Print each entry below precisely as shown.
-------- SUPPLIED ENTRIES
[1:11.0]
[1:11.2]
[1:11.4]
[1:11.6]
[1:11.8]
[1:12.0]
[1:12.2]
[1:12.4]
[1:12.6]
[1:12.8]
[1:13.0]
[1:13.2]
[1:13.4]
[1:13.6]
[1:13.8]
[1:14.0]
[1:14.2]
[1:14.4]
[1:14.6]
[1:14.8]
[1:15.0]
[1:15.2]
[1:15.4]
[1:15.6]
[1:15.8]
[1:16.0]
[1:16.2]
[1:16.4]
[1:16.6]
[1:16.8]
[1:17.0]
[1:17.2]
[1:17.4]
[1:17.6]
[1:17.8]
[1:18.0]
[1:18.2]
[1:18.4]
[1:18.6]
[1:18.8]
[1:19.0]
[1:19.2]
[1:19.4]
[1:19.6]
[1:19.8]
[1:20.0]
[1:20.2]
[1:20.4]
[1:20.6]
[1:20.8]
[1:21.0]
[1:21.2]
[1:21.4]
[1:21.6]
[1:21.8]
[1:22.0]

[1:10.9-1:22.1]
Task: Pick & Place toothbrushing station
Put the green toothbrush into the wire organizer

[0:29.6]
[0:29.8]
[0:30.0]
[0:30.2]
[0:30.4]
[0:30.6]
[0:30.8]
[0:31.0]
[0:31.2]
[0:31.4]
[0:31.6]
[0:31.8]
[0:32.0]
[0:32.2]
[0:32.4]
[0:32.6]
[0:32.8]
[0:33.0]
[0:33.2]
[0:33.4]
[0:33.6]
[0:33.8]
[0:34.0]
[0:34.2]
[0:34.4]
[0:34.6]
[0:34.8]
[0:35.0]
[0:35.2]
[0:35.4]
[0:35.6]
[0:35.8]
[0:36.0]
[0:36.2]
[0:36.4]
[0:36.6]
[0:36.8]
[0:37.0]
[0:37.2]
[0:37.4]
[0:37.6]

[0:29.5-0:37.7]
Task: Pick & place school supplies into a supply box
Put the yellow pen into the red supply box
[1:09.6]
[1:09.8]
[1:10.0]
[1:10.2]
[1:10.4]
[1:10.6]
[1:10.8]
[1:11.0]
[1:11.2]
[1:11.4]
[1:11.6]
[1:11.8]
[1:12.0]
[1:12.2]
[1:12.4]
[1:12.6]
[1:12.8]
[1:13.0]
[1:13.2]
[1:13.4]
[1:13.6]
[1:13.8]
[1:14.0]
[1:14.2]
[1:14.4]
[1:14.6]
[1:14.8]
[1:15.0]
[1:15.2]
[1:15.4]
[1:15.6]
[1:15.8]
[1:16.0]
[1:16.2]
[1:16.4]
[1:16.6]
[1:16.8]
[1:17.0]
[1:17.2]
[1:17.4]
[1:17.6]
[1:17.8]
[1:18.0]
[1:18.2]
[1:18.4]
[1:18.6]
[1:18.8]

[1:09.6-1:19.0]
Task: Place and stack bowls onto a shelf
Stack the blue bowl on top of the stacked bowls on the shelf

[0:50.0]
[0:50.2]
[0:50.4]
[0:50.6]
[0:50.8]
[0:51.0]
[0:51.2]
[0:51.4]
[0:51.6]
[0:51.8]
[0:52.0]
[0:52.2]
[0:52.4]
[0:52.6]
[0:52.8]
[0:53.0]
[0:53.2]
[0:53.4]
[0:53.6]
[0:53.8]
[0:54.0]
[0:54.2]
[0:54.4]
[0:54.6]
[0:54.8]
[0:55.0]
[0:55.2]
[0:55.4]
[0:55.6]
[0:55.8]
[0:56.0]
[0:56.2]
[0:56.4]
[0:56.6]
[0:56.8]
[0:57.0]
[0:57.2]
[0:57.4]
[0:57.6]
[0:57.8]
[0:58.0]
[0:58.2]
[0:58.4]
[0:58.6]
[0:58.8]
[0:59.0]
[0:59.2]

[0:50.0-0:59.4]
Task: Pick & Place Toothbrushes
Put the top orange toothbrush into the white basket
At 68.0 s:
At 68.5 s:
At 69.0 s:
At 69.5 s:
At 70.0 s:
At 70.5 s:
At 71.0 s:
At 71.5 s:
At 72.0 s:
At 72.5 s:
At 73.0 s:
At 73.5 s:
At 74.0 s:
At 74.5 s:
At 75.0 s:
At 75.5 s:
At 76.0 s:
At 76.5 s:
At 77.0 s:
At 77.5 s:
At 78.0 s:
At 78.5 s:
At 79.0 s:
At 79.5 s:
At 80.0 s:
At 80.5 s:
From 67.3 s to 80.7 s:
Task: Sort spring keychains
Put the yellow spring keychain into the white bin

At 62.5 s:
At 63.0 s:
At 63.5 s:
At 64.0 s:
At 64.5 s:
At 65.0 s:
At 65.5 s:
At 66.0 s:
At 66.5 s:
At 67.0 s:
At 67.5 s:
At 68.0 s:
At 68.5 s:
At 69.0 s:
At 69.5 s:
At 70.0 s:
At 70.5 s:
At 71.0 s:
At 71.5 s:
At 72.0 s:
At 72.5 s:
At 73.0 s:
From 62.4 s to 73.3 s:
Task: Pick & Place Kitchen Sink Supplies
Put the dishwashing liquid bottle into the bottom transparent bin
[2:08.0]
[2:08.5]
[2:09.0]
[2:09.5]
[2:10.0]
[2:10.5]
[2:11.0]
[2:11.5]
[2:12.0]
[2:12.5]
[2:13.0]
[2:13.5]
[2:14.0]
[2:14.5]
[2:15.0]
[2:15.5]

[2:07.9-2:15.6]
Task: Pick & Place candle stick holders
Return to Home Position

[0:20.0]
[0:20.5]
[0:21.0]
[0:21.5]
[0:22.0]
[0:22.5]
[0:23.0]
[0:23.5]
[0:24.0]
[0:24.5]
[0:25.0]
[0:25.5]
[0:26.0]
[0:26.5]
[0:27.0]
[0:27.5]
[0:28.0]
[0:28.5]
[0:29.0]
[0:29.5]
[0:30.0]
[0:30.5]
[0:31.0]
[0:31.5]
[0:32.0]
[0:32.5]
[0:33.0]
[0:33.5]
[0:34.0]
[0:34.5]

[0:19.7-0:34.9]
----------------
- **RESPONSE AREA**
[1:11.0]
[1:11.2]
[1:11.4]
[1:11.6]
[1:11.8]
[1:12.0]
[1:12.2]
[1:12.4]
[1:12.6]
[1:12.8]
[1:13.0]
[1:13.2]
[1:13.4]
[1:13.6]
[1:13.8]
[1:14.0]
[1:14.2]
[1:14.4]
[1:14.6]
[1:14.8]
[1:15.0]
[1:15.2]
[1:15.4]
[1:15.6]
[1:15.8]
[1:16.0]
[1:16.2]
[1:16.4]
[1:16.6]
[1:16.8]
[1:17.0]
[1:17.2]
[1:17.4]
[1:17.6]
[1:17.8]
[1:18.0]
[1:18.2]
[1:18.4]
[1:18.6]
[1:18.8]
[1:19.0]
[1:19.2]
[1:19.4]
[1:19.6]
[1:19.8]
[1:20.0]
[1:20.2]
[1:20.4]
[1:20.6]
[1:20.8]
[1:21.0]
[1:21.2]
[1:21.4]
[1:21.6]
[1:21.8]
[1:22.0]

[1:10.9-1:22.1]
Task: Pick & Place toothbrushing station
Put the green toothbrush into the wire organizer

[0:29.6]
[0:29.8]
[0:30.0]
[0:30.2]
[0:30.4]
[0:30.6]
[0:30.8]
[0:31.0]
[0:31.2]
[0:31.4]
[0:31.6]
[0:31.8]
[0:32.0]
[0:32.2]
[0:32.4]
[0:32.6]
[0:32.8]
[0:33.0]
[0:33.2]
[0:33.4]
[0:33.6]
[0:33.8]
[0:34.0]
[0:34.2]
[0:34.4]
[0:34.6]
[0:34.8]
[0:35.0]
[0:35.2]
[0:35.4]
[0:35.6]
[0:35.8]
[0:36.0]
[0:36.2]
[0:36.4]
[0:36.6]
[0:36.8]
[0:37.0]
[0:37.2]
[0:37.4]
[0:37.6]

[0:29.5-0:37.7]
Task: Pick & place school supplies into a supply box
Put the yellow pen into the red supply box
[1:09.6]
[1:09.8]
[1:10.0]
[1:10.2]
[1:10.4]
[1:10.6]
[1:10.8]
[1:11.0]
[1:11.2]
[1:11.4]
[1:11.6]
[1:11.8]
[1:12.0]
[1:12.2]
[1:12.4]
[1:12.6]
[1:12.8]
[1:13.0]
[1:13.2]
[1:13.4]
[1:13.6]
[1:13.8]
[1:14.0]
[1:14.2]
[1:14.4]
[1:14.6]
[1:14.8]
[1:15.0]
[1:15.2]
[1:15.4]
[1:15.6]
[1:15.8]
[1:16.0]
[1:16.2]
[1:16.4]
[1:16.6]
[1:16.8]
[1:17.0]
[1:17.2]
[1:17.4]
[1:17.6]
[1:17.8]
[1:18.0]
[1:18.2]
[1:18.4]
[1:18.6]
[1:18.8]

[1:09.6-1:19.0]
Task: Place and stack bowls onto a shelf
Stack the blue bowl on top of the stacked bowls on the shelf

[0:50.0]
[0:50.2]
[0:50.4]
[0:50.6]
[0:50.8]
[0:51.0]
[0:51.2]
[0:51.4]
[0:51.6]
[0:51.8]
[0:52.0]
[0:52.2]
[0:52.4]
[0:52.6]
[0:52.8]
[0:53.0]
[0:53.2]
[0:53.4]
[0:53.6]
[0:53.8]
[0:54.0]
[0:54.2]
[0:54.4]
[0:54.6]
[0:54.8]
[0:55.0]
[0:55.2]
[0:55.4]
[0:55.6]
[0:55.8]
[0:56.0]
[0:56.2]
[0:56.4]
[0:56.6]
[0:56.8]
[0:57.0]
[0:57.2]
[0:57.4]
[0:57.6]
[0:57.8]
[0:58.0]
[0:58.2]
[0:58.4]
[0:58.6]
[0:58.8]
[0:59.0]
[0:59.2]

[0:50.0-0:59.4]
Task: Pick & Place Toothbrushes
Put the top orange toothbrush into the white basket
At 68.0 s:
At 68.5 s:
At 69.0 s:
At 69.5 s:
At 70.0 s:
At 70.5 s:
At 71.0 s:
At 71.5 s:
At 72.0 s:
At 72.5 s:
At 73.0 s:
At 73.5 s:
At 74.0 s:
At 74.5 s:
At 75.0 s:
At 75.5 s:
At 76.0 s:
At 76.5 s:
At 77.0 s:
At 77.5 s:
At 78.0 s:
At 78.5 s:
At 79.0 s:
At 79.5 s:
At 80.0 s:
At 80.5 s:
From 67.3 s to 80.7 s:
Task: Sort spring keychains
Put the yellow spring keychain into the white bin

At 62.5 s:
At 63.0 s:
At 63.5 s:
At 64.0 s:
At 64.5 s:
At 65.0 s:
At 65.5 s:
At 66.0 s:
At 66.5 s:
At 67.0 s:
At 67.5 s:
At 68.0 s:
At 68.5 s:
At 69.0 s:
At 69.5 s:
At 70.0 s:
At 70.5 s:
At 71.0 s:
At 71.5 s:
At 72.0 s:
At 72.5 s:
At 73.0 s:
From 62.4 s to 73.3 s:
Task: Pick & Place Kitchen Sink Supplies
Put the dishwashing liquid bottle into the bottom transparent bin
[2:08.0]
[2:08.5]
[2:09.0]
[2:09.5]
[2:10.0]
[2:10.5]
[2:11.0]
[2:11.5]
[2:12.0]
[2:12.5]
[2:13.0]
[2:13.5]
[2:14.0]
[2:14.5]
[2:15.0]
[2:15.5]

[2:07.9-2:15.6]
Task: Pick & Place candle stick holders
Return to Home Position

[0:20.0]
[0:20.5]
[0:21.0]
[0:21.5]
[0:22.0]
[0:22.5]
[0:23.0]
[0:23.5]
[0:24.0]
[0:24.5]
[0:25.0]
[0:25.5]
[0:26.0]
[0:26.5]
[0:27.0]
[0:27.5]
[0:28.0]
[0:28.5]
[0:29.0]
[0:29.5]
[0:30.0]
[0:30.5]
[0:31.0]
[0:31.5]
[0:32.0]
[0:32.5]
[0:33.0]
[0:33.5]
[0:34.0]
[0:34.5]

[0:19.7-0:34.9]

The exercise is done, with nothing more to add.